WHAT TO WORK ON: Write only the number of lines in the records beneath that hold "outdoors".

RECORDED DATA:

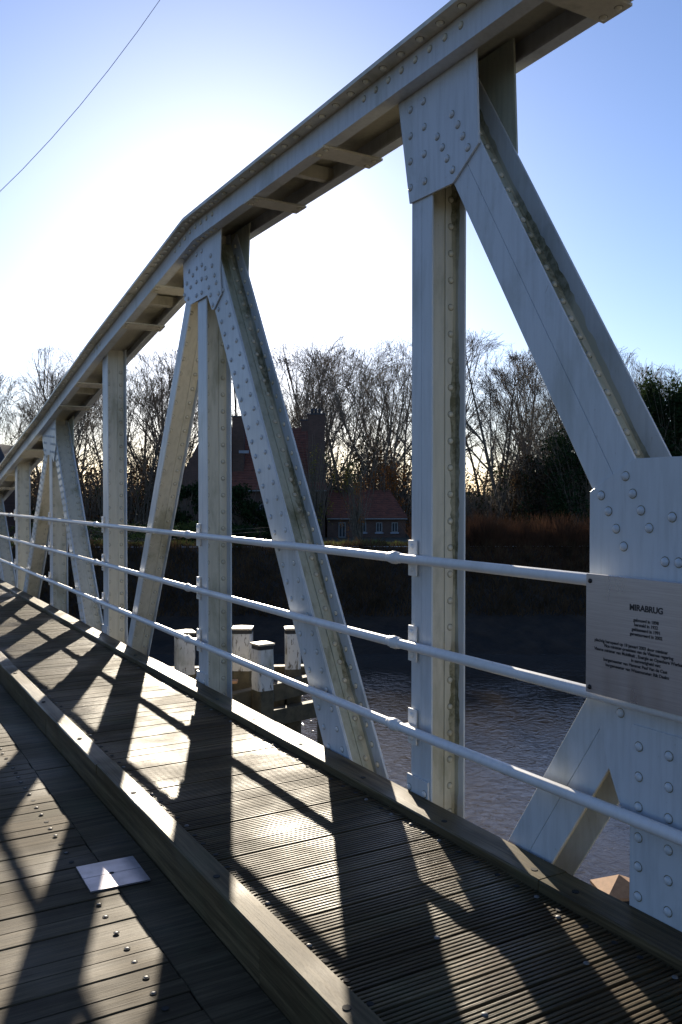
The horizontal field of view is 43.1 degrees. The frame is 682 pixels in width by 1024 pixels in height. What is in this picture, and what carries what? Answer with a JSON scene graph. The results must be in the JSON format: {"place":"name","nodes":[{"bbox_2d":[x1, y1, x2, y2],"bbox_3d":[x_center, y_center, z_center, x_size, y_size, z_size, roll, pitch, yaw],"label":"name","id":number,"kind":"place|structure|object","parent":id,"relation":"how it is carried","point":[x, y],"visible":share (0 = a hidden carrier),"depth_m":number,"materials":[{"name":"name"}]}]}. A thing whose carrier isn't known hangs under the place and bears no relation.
{"place":"outdoors","nodes":[
{"label":"outdoors","id":0,"kind":"place"},
{"bbox_2d":[0,0,159,190],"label":"overhead cable","id":1,"kind":"object","parent":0,"point":[82,102],"visible":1,"depth_m":14.87,"materials":[{"name":"black metal"}]},
{"bbox_2d":[11,508,589,654],"bbox_3d":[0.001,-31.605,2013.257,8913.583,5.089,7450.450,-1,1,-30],"label":"ground","id":2,"kind":"structure","parent":0,"point":[540,633],"depth_m":32.10,"materials":[{"name":"brown soil"}]},
{"bbox_2d":[0,444,14,537],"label":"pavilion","id":3,"kind":"structure","parent":2,"relation":"on","point":[9,503],"depth_m":59.37,"materials":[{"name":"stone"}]},
{"bbox_2d":[0,373,33,444],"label":"bare tree","id":4,"kind":"object","parent":2,"relation":"on","point":[8,407],"visible":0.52,"depth_m":97.83,"materials":[{"name":"brown plant"}]},
{"bbox_2d":[0,408,36,474],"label":"bare tree","id":5,"kind":"object","parent":2,"relation":"on","point":[14,416],"visible":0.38,"depth_m":98.27,"materials":[{"name":"brown plant"}]},
{"bbox_2d":[4,397,38,485],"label":"bare tree","id":6,"kind":"object","parent":2,"relation":"on","point":[23,423],"visible":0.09,"depth_m":109.86,"materials":[{"name":"brown plant"}]},
{"bbox_2d":[0,367,65,446],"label":"bare tree","id":7,"kind":"object","parent":2,"relation":"on","point":[43,395],"visible":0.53,"depth_m":61.95,"materials":[{"name":"brown plant"}]},
{"bbox_2d":[0,365,101,462],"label":"bare tree","id":8,"kind":"object","parent":2,"relation":"on","point":[19,383],"visible":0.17,"depth_m":81.98,"materials":[{"name":"brown plant"}]},
{"bbox_2d":[9,343,102,432],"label":"bare tree","id":9,"kind":"object","parent":2,"relation":"on","point":[46,359],"visible":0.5,"depth_m":76.03,"materials":[{"name":"brown plant"}]},
{"bbox_2d":[11,382,127,478],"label":"bare tree","id":10,"kind":"object","parent":2,"relation":"on","point":[35,414],"visible":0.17,"depth_m":73.34,"materials":[{"name":"brown plant"}]},
{"bbox_2d":[0,374,157,492],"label":"bare tree","id":11,"kind":"object","parent":2,"relation":"on","point":[76,443],"visible":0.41,"depth_m":66.64,"materials":[{"name":"brown plant"}]},
{"bbox_2d":[79,399,101,472],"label":"bare tree","id":12,"kind":"object","parent":2,"relation":"on","point":[90,442],"visible":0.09,"depth_m":105.95,"materials":[{"name":"brown plant"}]},
{"bbox_2d":[27,360,165,531],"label":"bare tree","id":13,"kind":"object","parent":2,"relation":"on","point":[134,406],"visible":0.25,"depth_m":68.49,"materials":[{"name":"brown plant"}]},
{"bbox_2d":[46,388,155,473],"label":"bare tree","id":14,"kind":"object","parent":2,"relation":"on","point":[127,436],"visible":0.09,"depth_m":94.90,"materials":[{"name":"brown plant"}]},
{"bbox_2d":[102,396,165,484],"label":"bare tree","id":15,"kind":"object","parent":2,"relation":"on","point":[148,433],"visible":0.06,"depth_m":111.30,"materials":[{"name":"brown plant"}]},
{"bbox_2d":[8,519,269,547],"bbox_3d":[-9.491,0.895,38.156,13.267,1.165,13.074,0,1,0],"label":"clipped hedge","id":16,"kind":"object","parent":2,"relation":"on","point":[137,536],"visible":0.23,"depth_m":37.96,"materials":[{"name":"green plant"}]},
{"bbox_2d":[86,374,197,520],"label":"bare tree","id":17,"kind":"object","parent":2,"relation":"on","point":[144,440],"visible":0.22,"depth_m":80.78,"materials":[{"name":"brown plant"}]},
{"bbox_2d":[57,343,231,487],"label":"bare tree","id":18,"kind":"object","parent":2,"relation":"on","point":[131,384],"visible":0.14,"depth_m":71.29,"materials":[{"name":"brown plant"}]},
{"bbox_2d":[127,350,196,456],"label":"bare tree","id":19,"kind":"object","parent":2,"relation":"on","point":[161,390],"visible":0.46,"depth_m":76.14,"materials":[{"name":"brown plant"}]},
{"bbox_2d":[132,377,193,443],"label":"bare tree","id":20,"kind":"object","parent":2,"relation":"on","point":[157,410],"visible":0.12,"depth_m":102.61,"materials":[{"name":"brown plant"}]},
{"bbox_2d":[131,366,196,441],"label":"bare tree","id":21,"kind":"object","parent":2,"relation":"on","point":[163,410],"visible":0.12,"depth_m":88.25,"materials":[{"name":"brown plant"}]},
{"bbox_2d":[96,362,238,524],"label":"bare tree","id":22,"kind":"object","parent":2,"relation":"on","point":[152,432],"visible":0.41,"depth_m":68.75,"materials":[{"name":"brown plant"}]},
{"bbox_2d":[99,368,238,462],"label":"bare tree","id":23,"kind":"object","parent":2,"relation":"on","point":[196,412],"visible":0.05,"depth_m":81.33,"materials":[{"name":"brown plant"}]},
{"bbox_2d":[153,480,198,541],"bbox_3d":[-9.677,0.025,53.595,4.424,4.170,3.516,0,1,0],"label":"evergreen shrub","id":24,"kind":"object","parent":2,"relation":"on","point":[184,516],"visible":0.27,"depth_m":53.56,"materials":[{"name":"green plant"}]},
{"bbox_2d":[10,539,406,547],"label":"bank grass","id":25,"kind":"structure","parent":2,"relation":"on","point":[190,543],"depth_m":36.97,"materials":[{"name":"plant"}]},
{"bbox_2d":[155,336,266,427],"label":"bare tree","id":26,"kind":"object","parent":2,"relation":"on","point":[235,402],"visible":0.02,"depth_m":78.74,"materials":[{"name":"brown plant"}]},
{"bbox_2d":[196,482,269,538],"bbox_3d":[-6.299,0.067,55.789,6.180,4.150,5.677,0,1,0],"label":"evergreen shrub","id":27,"kind":"object","parent":2,"relation":"on","point":[250,507],"visible":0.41,"depth_m":55.43,"materials":[{"name":"green plant"}]},
{"bbox_2d":[34,445,519,517],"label":"orange undergrowth","id":28,"kind":"object","parent":2,"relation":"on","point":[186,461],"visible":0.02,"depth_m":68.73,"materials":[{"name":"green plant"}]},
{"bbox_2d":[191,337,369,438],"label":"bare tree","id":29,"kind":"object","parent":2,"relation":"on","point":[340,353],"visible":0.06,"depth_m":87.33,"materials":[{"name":"brown plant"}]},
{"bbox_2d":[6,428,569,531],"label":"green undergrowth","id":30,"kind":"object","parent":2,"relation":"on","point":[33,511],"visible":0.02,"depth_m":67.28,"materials":[{"name":"green plant"}]},
{"bbox_2d":[257,504,321,539],"bbox_3d":[-3.671,0.527,54.650,4.367,2.851,3.561,1,1,45],"label":"evergreen shrub","id":31,"kind":"object","parent":2,"relation":"on","point":[268,534],"visible":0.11,"depth_m":54.01,"materials":[{"name":"green plant"}]},
{"bbox_2d":[183,409,407,537],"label":"brick house","id":32,"kind":"structure","parent":2,"relation":"on","point":[386,514],"depth_m":60.14,"materials":[{"name":"red brick"}]},
{"bbox_2d":[339,522,345,537],"bbox_3d":[0.075,1.247,60.017,0.490,1.050,0.070,0,1,0],"label":"window","id":33,"kind":"structure","parent":32,"relation":"in","point":[342,534],"depth_m":60.01,"materials":[{"name":"glass"}]},
{"bbox_2d":[375,522,382,533],"bbox_3d":[2.657,1.113,59.990,0.590,0.780,0.120,0,1,0],"label":"window","id":34,"kind":"structure","parent":32,"relation":"in","point":[378,524],"depth_m":59.98,"materials":[{"name":"white glass"}]},
{"bbox_2d":[390,522,398,533],"bbox_3d":[3.735,1.113,59.990,0.590,0.780,0.120,0,1,0],"label":"window","id":35,"kind":"structure","parent":32,"relation":"in","point":[394,524],"depth_m":59.98,"materials":[{"name":"white glass"}]},
{"bbox_2d":[270,340,353,427],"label":"bare tree","id":36,"kind":"object","parent":2,"relation":"on","point":[289,374],"visible":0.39,"depth_m":84.36,"materials":[{"name":"brown plant"}]},
{"bbox_2d":[282,391,343,458],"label":"bare tree","id":37,"kind":"object","parent":2,"relation":"on","point":[301,408],"visible":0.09,"depth_m":99.23,"materials":[{"name":"brown plant"}]},
{"bbox_2d":[288,406,350,473],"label":"bare tree","id":38,"kind":"object","parent":2,"relation":"on","point":[327,441],"visible":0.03,"depth_m":90.53,"materials":[{"name":"brown plant"}]},
{"bbox_2d":[299,433,341,532],"bbox_3d":[-1.720,-1.690,57.175,3.594,7.100,2.737,1,1,31],"label":"bare tree","id":39,"kind":"object","parent":2,"relation":"on","point":[319,508],"visible":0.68,"depth_m":56.88,"materials":[{"name":"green plant"}]},
{"bbox_2d":[287,356,355,451],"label":"bare tree","id":40,"kind":"object","parent":2,"relation":"on","point":[332,399],"visible":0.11,"depth_m":93.05,"materials":[{"name":"brown plant"}]},
{"bbox_2d":[273,348,390,486],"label":"bare tree","id":41,"kind":"object","parent":2,"relation":"on","point":[329,442],"visible":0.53,"depth_m":75.55,"materials":[{"name":"brown plant"}]},
{"bbox_2d":[294,396,381,470],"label":"bare tree","id":42,"kind":"object","parent":2,"relation":"on","point":[341,430],"visible":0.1,"depth_m":104.38,"materials":[{"name":"brown plant"}]},
{"bbox_2d":[271,352,405,475],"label":"bare tree","id":43,"kind":"object","parent":2,"relation":"on","point":[336,393],"visible":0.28,"depth_m":89.01,"materials":[{"name":"brown plant"}]},
{"bbox_2d":[280,332,410,455],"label":"bare tree","id":44,"kind":"object","parent":2,"relation":"on","point":[307,406],"visible":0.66,"depth_m":73.64,"materials":[{"name":"brown plant"}]},
{"bbox_2d":[285,337,411,489],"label":"bare tree","id":45,"kind":"object","parent":2,"relation":"on","point":[339,412],"visible":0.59,"depth_m":71.34,"materials":[{"name":"brown plant"}]},
{"bbox_2d":[330,454,369,503],"bbox_3d":[0.668,-1.251,61.933,2.752,6.051,2.623,0,1,-22],"label":"olive shrub","id":46,"kind":"object","parent":2,"relation":"on","point":[344,480],"visible":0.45,"depth_m":61.82,"materials":[{"name":"plant"}]},
{"bbox_2d":[292,345,411,480],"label":"bare tree","id":47,"kind":"object","parent":2,"relation":"on","point":[373,398],"visible":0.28,"depth_m":93.33,"materials":[{"name":"brown plant"}]},
{"bbox_2d":[300,385,408,475],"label":"bare tree","id":48,"kind":"object","parent":2,"relation":"on","point":[362,424],"visible":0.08,"depth_m":108.53,"materials":[{"name":"brown plant"}]},
{"bbox_2d":[30,399,681,534],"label":"thicket","id":49,"kind":"object","parent":2,"relation":"on","point":[145,516],"depth_m":65.76,"materials":[{"name":"brown plant"}]},
{"bbox_2d":[340,474,373,541],"bbox_3d":[0.807,-0.104,49.893,1.724,4.193,1.999,1,1,33],"label":"young birch","id":50,"kind":"object","parent":2,"relation":"on","point":[356,516],"visible":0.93,"depth_m":49.90,"materials":[{"name":"orange plant"}]},
{"bbox_2d":[340,365,411,471],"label":"bare tree","id":51,"kind":"object","parent":2,"relation":"on","point":[377,434],"visible":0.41,"depth_m":83.93,"materials":[{"name":"brown plant"}]},
{"bbox_2d":[346,360,411,488],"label":"bare tree","id":52,"kind":"object","parent":2,"relation":"on","point":[392,414],"visible":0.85,"depth_m":65.50,"materials":[{"name":"brown plant"}]},
{"bbox_2d":[366,456,411,530],"bbox_3d":[3.431,-1.192,63.723,4.112,6.083,3.976,0,1,-20],"label":"copper shrub","id":53,"kind":"object","parent":2,"relation":"on","point":[395,481],"visible":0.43,"depth_m":63.52,"materials":[{"name":"orange plant"}]},
{"bbox_2d":[316,338,524,511],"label":"bare tree","id":54,"kind":"object","parent":2,"relation":"on","point":[410,404],"visible":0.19,"depth_m":82.07,"materials":[{"name":"brown plant"}]},
{"bbox_2d":[376,394,482,465],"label":"bare tree","id":55,"kind":"object","parent":2,"relation":"on","point":[409,424],"visible":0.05,"depth_m":104.28,"materials":[{"name":"brown plant"}]},
{"bbox_2d":[386,375,488,465],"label":"bare tree","id":56,"kind":"object","parent":2,"relation":"on","point":[410,415],"visible":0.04,"depth_m":107.17,"materials":[{"name":"brown plant"}]},
{"bbox_2d":[392,327,503,517],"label":"bare tree","id":57,"kind":"object","parent":2,"relation":"on","point":[467,409],"visible":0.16,"depth_m":69.73,"materials":[{"name":"brown plant"}]},
{"bbox_2d":[397,328,511,524],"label":"bare tree","id":58,"kind":"object","parent":2,"relation":"on","point":[489,468],"visible":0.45,"depth_m":65.21,"materials":[{"name":"brown plant"}]},
{"bbox_2d":[504,354,519,362],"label":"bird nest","id":59,"kind":"object","parent":58,"relation":"on","point":[512,357],"visible":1,"depth_m":65.81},
{"bbox_2d":[381,333,531,451],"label":"bare tree","id":60,"kind":"object","parent":2,"relation":"on","point":[499,344],"visible":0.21,"depth_m":82.62,"materials":[{"name":"brown plant"}]},
{"bbox_2d":[407,344,555,499],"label":"bare tree","id":61,"kind":"object","parent":2,"relation":"on","point":[514,422],"visible":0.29,"depth_m":83.50,"materials":[{"name":"brown plant"}]},
{"bbox_2d":[400,508,589,548],"bbox_3d":[11.401,0.694,37.809,18.036,2.169,5.109,0,1,1],"label":"reed bed","id":62,"kind":"object","parent":2,"relation":"on","point":[479,531],"visible":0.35,"depth_m":36.41,"materials":[{"name":"brown plant"}]},
{"bbox_2d":[466,398,531,490],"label":"bare tree","id":63,"kind":"object","parent":2,"relation":"on","point":[488,444],"visible":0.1,"depth_m":95.47,"materials":[{"name":"brown plant"}]},
{"bbox_2d":[467,366,553,515],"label":"bare tree","id":64,"kind":"object","parent":2,"relation":"on","point":[513,414],"visible":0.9,"depth_m":68.51,"materials":[{"name":"brown plant"}]},
{"bbox_2d":[467,371,560,494],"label":"bare tree","id":65,"kind":"object","parent":2,"relation":"on","point":[528,417],"visible":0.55,"depth_m":68.37,"materials":[{"name":"brown plant"}]},
{"bbox_2d":[472,361,564,458],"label":"bare tree","id":66,"kind":"object","parent":2,"relation":"on","point":[497,369],"visible":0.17,"depth_m":82.88,"materials":[{"name":"brown plant"}]},
{"bbox_2d":[493,351,553,451],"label":"bare tree","id":67,"kind":"object","parent":2,"relation":"on","point":[528,391],"visible":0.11,"depth_m":89.84,"materials":[{"name":"brown plant"}]},
{"bbox_2d":[500,407,553,451],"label":"bare tree","id":68,"kind":"object","parent":2,"relation":"on","point":[529,420],"visible":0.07,"depth_m":90.60,"materials":[{"name":"brown plant"}]},
{"bbox_2d":[465,537,589,576],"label":"slope reeds","id":69,"kind":"object","parent":2,"relation":"on","point":[542,555],"visible":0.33,"depth_m":35.31,"materials":[{"name":"brown plant"}]},
{"bbox_2d":[496,450,571,526],"bbox_3d":[14.584,-1.387,63.004,6.605,6.655,5.956,0,1,0],"label":"evergreen tree","id":70,"kind":"object","parent":2,"relation":"on","point":[516,484],"visible":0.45,"depth_m":62.50,"materials":[{"name":"plant"}]},
{"bbox_2d":[517,382,562,440],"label":"bare tree","id":71,"kind":"object","parent":2,"relation":"on","point":[541,415],"visible":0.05,"depth_m":86.61,"materials":[{"name":"brown plant"}]},
{"bbox_2d":[466,345,627,473],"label":"bare tree","id":72,"kind":"object","parent":2,"relation":"on","point":[524,372],"visible":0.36,"depth_m":75.92,"materials":[{"name":"brown plant"}]},
{"bbox_2d":[514,423,591,526],"bbox_3d":[16.179,-2.255,62.221,7.882,8.555,6.948,0,1,0],"label":"evergreen tree","id":73,"kind":"object","parent":2,"relation":"on","point":[549,448],"visible":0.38,"depth_m":61.40,"materials":[{"name":"green plant"}]},
{"bbox_2d":[534,432,592,529],"bbox_3d":[17.082,-1.864,59.872,7.176,7.856,7.119,0,1,0],"label":"evergreen tree","id":74,"kind":"object","parent":2,"relation":"on","point":[579,509],"visible":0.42,"depth_m":59.48,"materials":[{"name":"green plant"}]},
{"bbox_2d":[618,347,646,394],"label":"bare tree","id":75,"kind":"object","parent":2,"relation":"on","point":[629,358],"visible":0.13,"depth_m":80.79,"materials":[{"name":"brown plant"}]},
{"bbox_2d":[626,356,681,394],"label":"bare tree","id":76,"kind":"object","parent":2,"relation":"on","point":[637,380],"visible":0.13,"depth_m":94.56,"materials":[{"name":"brown plant"}]},
{"bbox_2d":[631,362,681,453],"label":"evergreen tree","id":77,"kind":"object","parent":2,"relation":"on","point":[645,392],"visible":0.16,"depth_m":65.24,"materials":[{"name":"green plant"}]},
{"bbox_2d":[634,364,679,400],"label":"bare tree","id":78,"kind":"object","parent":2,"relation":"on","point":[666,369],"visible":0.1,"depth_m":90.26,"materials":[{"name":"brown plant"}]},
{"bbox_2d":[640,375,681,397],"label":"bare tree","id":79,"kind":"object","parent":2,"relation":"on","point":[665,385],"visible":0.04,"depth_m":81.67,"materials":[{"name":"brown plant"}]},
{"bbox_2d":[641,377,681,456],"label":"evergreen tree","id":80,"kind":"object","parent":2,"relation":"on","point":[672,407],"visible":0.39,"depth_m":63.56,"materials":[{"name":"green plant"}]},
{"bbox_2d":[0,0,681,496],"label":"sky","id":81,"kind":"structure","parent":0,"point":[203,88],"materials":[{"name":"blue"}]},
{"bbox_2d":[0,0,681,931],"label":"bridge truss","id":82,"kind":"object","parent":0,"point":[436,94],"visible":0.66,"depth_m":4.26,"materials":[{"name":"metal"}]},
{"bbox_2d":[0,509,681,846],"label":"railing","id":83,"kind":"object","parent":82,"relation":"attached to","point":[412,559],"visible":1,"depth_m":4.24,"materials":[{"name":"metal"}]},
{"bbox_2d":[586,574,681,715],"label":"memorial plaque","id":84,"kind":"object","parent":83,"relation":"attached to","point":[633,640],"visible":1,"depth_m":2.95,"materials":[{"name":"metal"}]},
{"bbox_2d":[149,654,629,884],"bbox_3d":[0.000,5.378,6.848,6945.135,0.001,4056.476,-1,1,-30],"label":"river water","id":85,"kind":"structure","parent":0,"point":[523,725],"depth_m":20.55,"materials":[{"name":"grey liquid"}]},
{"bbox_2d":[174,629,195,678],"bbox_3d":[-2.310,3.900,12.772,0.284,4.342,0.284,0,1,-20],"label":"mooring pile","id":86,"kind":"object","parent":85,"relation":"in","point":[184,657],"visible":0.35,"depth_m":12.62,"materials":[{"name":"white wood"}]},
{"bbox_2d":[232,625,253,708],"bbox_3d":[-1.500,3.893,13.172,0.315,4.342,0.315,0,1,0],"label":"mooring pile","id":87,"kind":"object","parent":85,"relation":"in","point":[242,637],"visible":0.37,"depth_m":12.99,"materials":[{"name":"white wood"}]},
{"bbox_2d":[250,641,274,720],"bbox_3d":[-1.130,3.965,12.473,0.262,4.222,0.262,-1,1,-34],"label":"mooring pile","id":88,"kind":"object","parent":85,"relation":"in","point":[262,694],"visible":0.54,"depth_m":12.35,"materials":[{"name":"white wood"}]},
{"bbox_2d":[169,664,323,745],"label":"fender beams","id":89,"kind":"structure","parent":88,"relation":"attached to","point":[284,714],"depth_m":12.85,"materials":[{"name":"brown wood"}]},
{"bbox_2d":[284,626,300,733],"bbox_3d":[-0.740,3.901,13.272,0.252,4.322,0.252,0,1,-7],"label":"mooring pile","id":90,"kind":"object","parent":85,"relation":"in","point":[292,668],"visible":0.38,"depth_m":13.13,"materials":[{"name":"white wood"}]},
{"bbox_2d":[590,874,628,903],"bbox_3d":[2.190,4.517,6.832,0.336,3.322,0.336,0,1,-6],"label":"mooring pile","id":91,"kind":"object","parent":85,"relation":"in","point":[616,886],"visible":0.23,"depth_m":6.74,"materials":[{"name":"brown wood"}]},
{"bbox_3d":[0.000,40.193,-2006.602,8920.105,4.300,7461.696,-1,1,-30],"label":"near bank","id":92,"kind":"structure","parent":0,"visible":0},
{"bbox_2d":[10,534,589,616],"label":"dry bank plants","id":93,"kind":"object","parent":92,"relation":"on","point":[368,563],"visible":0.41,"depth_m":33.87,"materials":[{"name":"brown plant"}]},
{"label":"deck beams","id":94,"kind":"structure","parent":0,"visible":0},
{"bbox_2d":[0,684,290,1023],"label":"roadway","id":95,"kind":"structure","parent":94,"relation":"on","point":[74,950],"depth_m":3.27,"materials":[{"name":"brown wood"}]},
{"bbox_2d":[76,856,149,892],"bbox_3d":[-0.987,1.562,3.731,0.254,0.007,0.284,-1,1,-30],"label":"cover plate sheet","id":96,"kind":"object","parent":95,"relation":"on","point":[110,874],"visible":1,"depth_m":3.71,"materials":[{"name":"metal"}]},
{"bbox_2d":[0,651,384,1023],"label":"kerb timber","id":97,"kind":"object","parent":94,"relation":"on","point":[294,977],"visible":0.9,"depth_m":3.33,"materials":[{"name":"brown wood"}]},
{"bbox_2d":[0,587,681,1023],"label":"footway","id":98,"kind":"structure","parent":94,"relation":"on","point":[386,913],"depth_m":3.43,"materials":[{"name":"brown wood"}]},
{"bbox_2d":[0,579,681,971],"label":"kerb timber","id":99,"kind":"object","parent":98,"relation":"on","point":[642,931],"visible":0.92,"depth_m":3.87,"materials":[{"name":"brown wood"}]}
]}

YOUR RESPONSE: 2